As soon as they’re allowed to leave the table, Emily goes into the kitchen and empties her bowl into Tiger’s dish. “There you are, puss,” she says as the cat comes over to sniff at his breakfast. “You’ve got an extra-large helping today.”

Then she seeks out Tabby in the back kitchen.

“Papa is ill, isn’t he?”

Tabby pauses in her pan scouring and looks at Emily directly. “Aye, lass, he is.”

Emily’s heart starts to beat faster. “There was a pigeon tapping at the bedroom window this morning.” The words come out in a rush.

Tabby gives her a look. “Now don’t tha go believing that old nonsense.”

“But you said it meant that someone was going to die. Remember?”

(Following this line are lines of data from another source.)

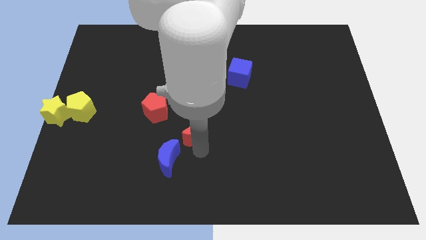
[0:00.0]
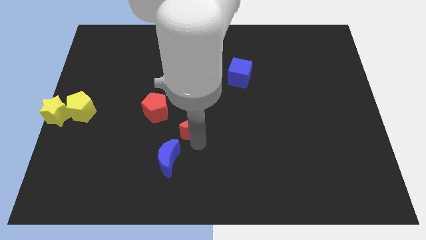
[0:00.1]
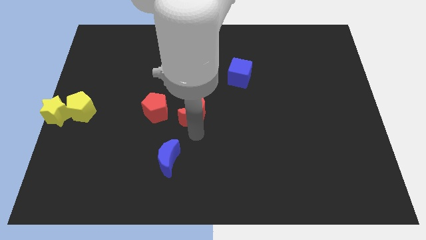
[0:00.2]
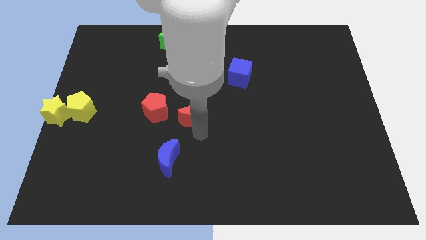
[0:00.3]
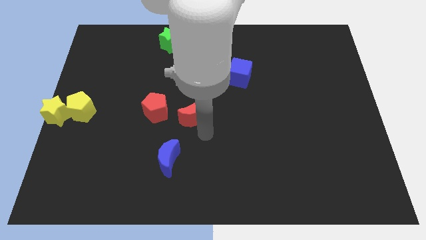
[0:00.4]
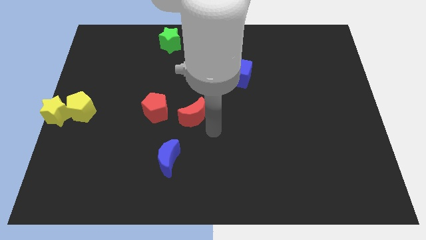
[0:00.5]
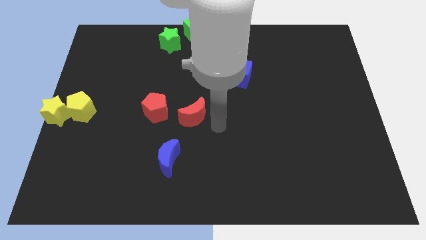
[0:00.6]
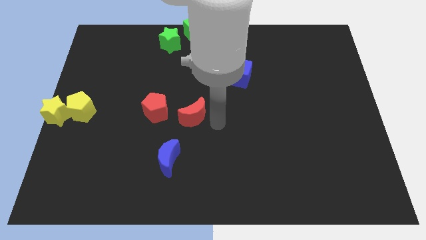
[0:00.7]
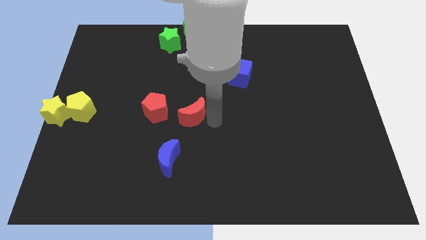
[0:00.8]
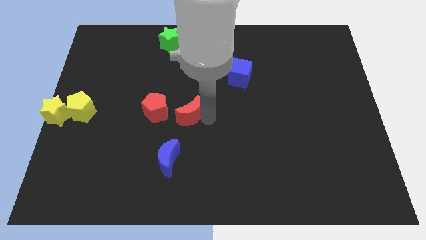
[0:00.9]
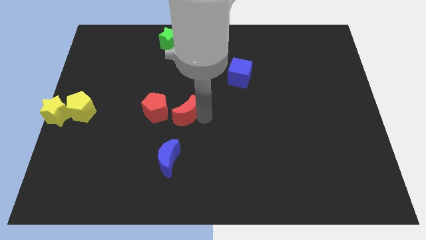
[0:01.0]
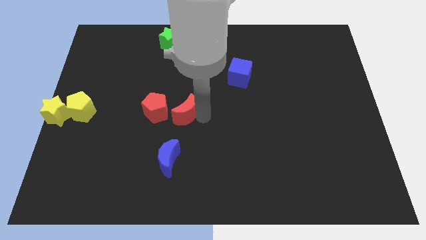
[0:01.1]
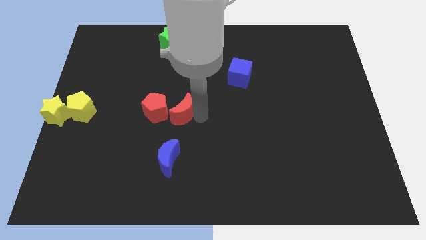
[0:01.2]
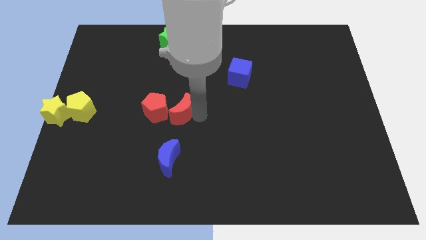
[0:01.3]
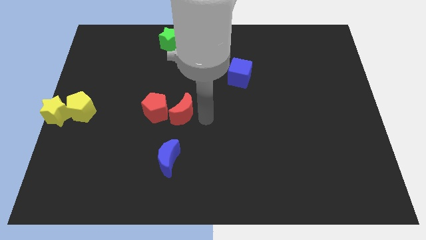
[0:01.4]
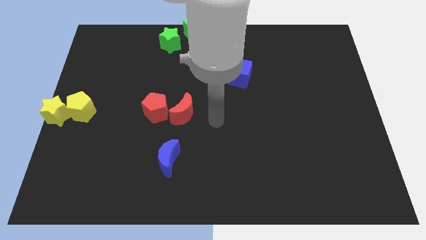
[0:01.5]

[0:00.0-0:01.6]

Tabby wipes her hands on her apron. “Listen, my lamb. I said that’s what
some
folk believe, ignorant folk who don’t know any better. What ails thi papa is nobbut a chill. He got caught in that heavy shower the other day, didn’t he?” She clicks her tongue. “There’s other parsons would look to their own comfort, but tha knows thi father — he thinks only of other folk. But he’ll soon shake it off, so there’s no need to grieve. Take this food to yon birds. Thi papa wouldn’t want thee to forget them on his account.”

She lays a work-roughened hand on Emily’s cheek and it’s this gentleness that alarms Emily the most.